Signs and symptoms of HCM may include one or more of the following:
  • Shortness of breath, especially during exercise
  • Chest pain, especially during exercise
  • Fainting, especially during or just after exercise or exertion
  • Sensation of rapid, fluttering or pounding heartbeats (palpitations)
  • Heart murmur, which a doctor might detect while listening to your heart

Treatment and Management


Managing HCM requires lifelong visits with a cardiologist to screen for potential cardiac risks and obtain a careful family history. Routine testing can consist of echocardiograms, 12-lead ECGs, Holter monitoring, exercise stress tests, cardiac MRIs, or cardiac genetic testing.
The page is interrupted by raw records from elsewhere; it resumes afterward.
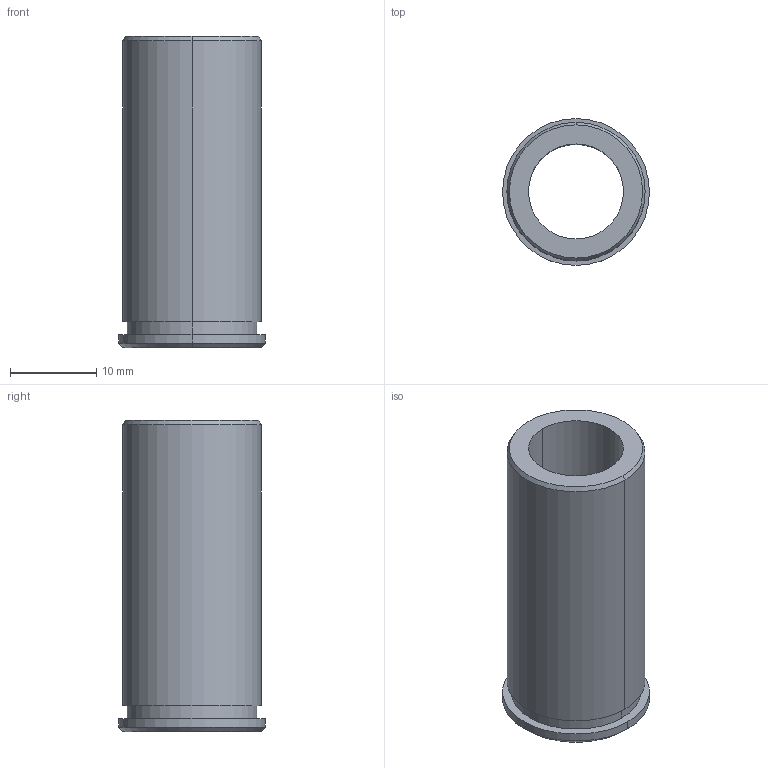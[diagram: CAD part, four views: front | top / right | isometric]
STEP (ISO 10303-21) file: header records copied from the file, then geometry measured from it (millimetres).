
FILE_DESCRIPTION(('no description'),'unknown implementation level');
FILE_NAME('6A1DC7DA-DD1E-4F85-A1B7-984DE5D5AC60_export.stp',' ',('CIMSOURCE GmbH'),('CADClick - KiM GmbH - www.kimweb.de'),'unknown preprocess','ACIS','unknown authorization');
FILE_SCHEMA(('automotive_design'));
Length unit declared in the file: millimetre
Products named in the file (1): NONE
Bounding box: 17 x 17 x 36 mm (x, y, z)
Volume: 3806.5 mm3; surface area: 3332.1 mm2
Topology: 1 solids, 1 shells, 18 faces, 36 edges, 22 vertices
Faces by surface type: cylinder 8, cone 6, plane 4
Entity records: 942 total; most frequent: DIRECTION 102, CARTESIAN_POINT 80, STYLED_ITEM 76, PRESENTATION_STYLE_ASSIGNMENT 76, COLOUR_RGB 76, ORIENTED_EDGE 72, AXIS2_PLACEMENT_3D 44, EDGE_CURVE 36
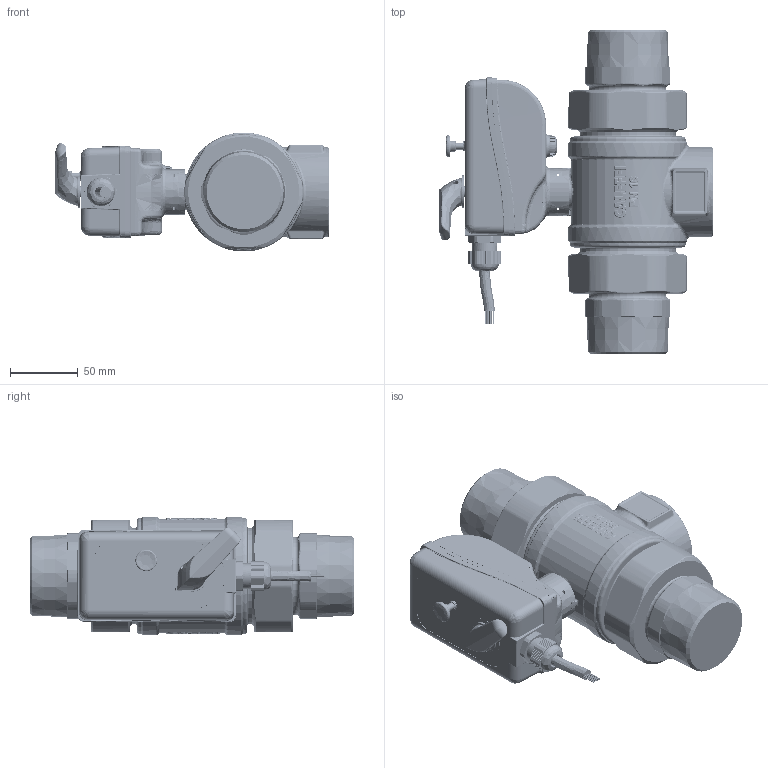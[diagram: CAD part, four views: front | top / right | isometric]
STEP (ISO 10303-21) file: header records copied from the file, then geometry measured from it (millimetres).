
FILE_DESCRIPTION(('CATIA V5 STEP Exchange'),'2;1');
FILE_NAME('STEP_638092_-_TST.stp','2018-07-23T12:01:18+00:00',('none'),('none'),'CATIA Version 5-6 Release 2016 SP4','CATIA V5 STEP AP203','none');
FILE_SCHEMA(('CONFIG_CONTROL_DESIGN'));
Products named in the file (1): 638092 - TST
Bounding box: 202.49 x 239.93 x 87.91 mm (x, y, z)
Volume: 1204154.4 mm3; surface area: 196221.8 mm2
Topology: 2 solids, 2242 shells, 4244 faces, 28960 edges, 26702 vertices
Faces by surface type: bspline 1884, plane 908, cylinder 862, revolution 299, sphere 132, cone 95, torus 64
Entity records: 349968 total; most frequent: CARTESIAN_POINT 203872, ORIENTED_EDGE 33053, EDGE_CURVE 28637, VERTEX_POINT 26682, B_SPLINE_CURVE_WITH_KNOTS 25674, DIRECTION 5681, EDGE_LOOP 4427, ADVANCED_FACE 4234
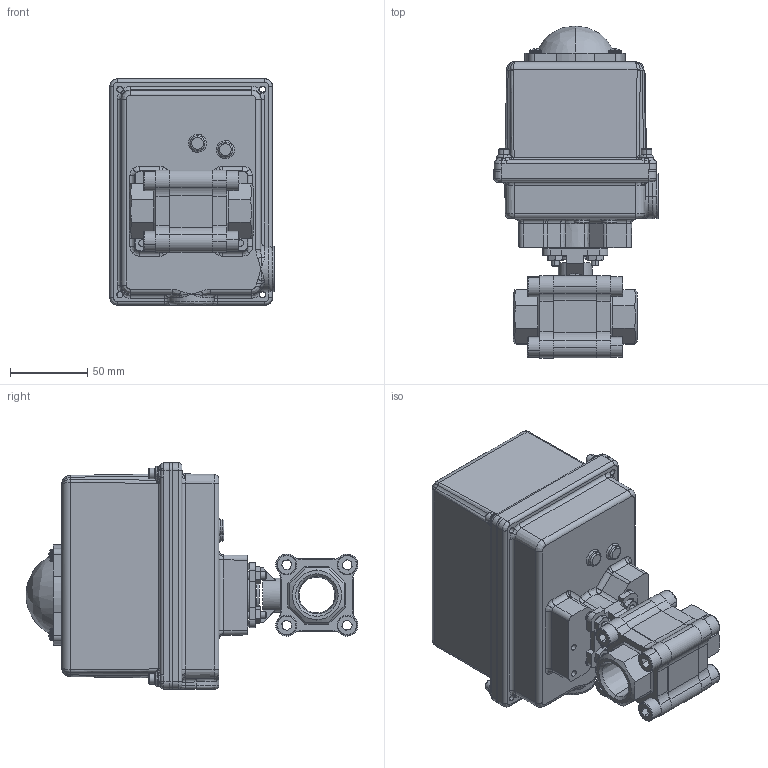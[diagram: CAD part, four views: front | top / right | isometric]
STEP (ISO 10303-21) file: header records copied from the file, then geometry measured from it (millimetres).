
FILE_DESCRIPTION (( 'STEP AP203' ), '1' );
FILE_NAME ('4700-075F-ER-1.STEP', '2017-11-09T21:44:36', ( '' ), ( '' ), 'SwSTEP 2.0', 'SolidWorks 2014', '' );
FILE_SCHEMA (( 'CONFIG_CONTROL_DESIGN' ));
Length unit declared in the file: inch
Products named in the file (1): 4700-075F-ER-1
Bounding box: 106.17 x 214.3 x 146.05 mm (x, y, z)
Surface area: 112473.8 mm2 (no closed solid volume)
Topology: 0 solids, 27 shells, 871 faces, 2580 edges, 1694 vertices
Faces by surface type: plane 312, cylinder 243, bspline 225, cone 91
Entity records: 40006 total; most frequent: CARTESIAN_POINT 19299, ORIENTED_EDGE 4390, DIRECTION 3683, EDGE_CURVE 2558, VERTEX_POINT 1694, AXIS2_PLACEMENT_3D 1329, LINE 1025, VECTOR 1025

Common information that may be attained from the tests:
Echocardiogram (Echo):
  • The structure and function of the heart.
  • The degree of thickening and shape of thickened area.
  • Is the thickened area creating an obstruction of blood flow to the (aorta) artery that supplies oxygenated blood to the body from the heart?
  • Is there any mitral valve involvement or mitral valve regurgitation?
  • If the patient has a transvenous lead from an implanted cardiac rhythm device, how is this lead impacting the structures within the heart?

12-lead ECG (or EKG):

  • Baseline rhythm
  • The voltage force of the ventricle and the recovery of the heart muscle.
  • If the patient is paced, the function of the device.

Holter:

  • Rhythm throughout the monitored period, including evidence of arrhythmias
  • High, low, and average heart rates that may help determine medication dosing

Exercise Stress Test:

  • Evidence of ischemia (decreased oxygenation to the heart muscle)
  • Inducible arrhythmias throughout the test or in the post exercise period
  • Heart rate and blood pressure response during exercise.

Cardiac MRI:

  • Measurements of the ventricle chamber size, degree of hypertrophy, and areas of scar.

Genetic Testing:


Genetic testing identifies changes in the genes that are associated with HCM. Test results may be:
  • Positive - a known genetic change that causes HCM is found,
  • Negative - no known genetic change that causes HCM is found, or
  • Variant of uncertain significance (VUS) - a change is found in a gene associated with HCM, but that change is not definitively known to cause HCM.
A positive test result confirms the diagnosis of HCM. A negative result indicates that a disease-causing mutation associated with HCM was not identified. Importantly, this does not rule out the possibility of having the disease. An individual may have a disease-causing mutation has not been recognized yet on the HCM panel. A variant of uncertain significance is an inconclusive finding. The genetic test results will be discussed with you by your medical team and may also be discussed by a genetic counselor.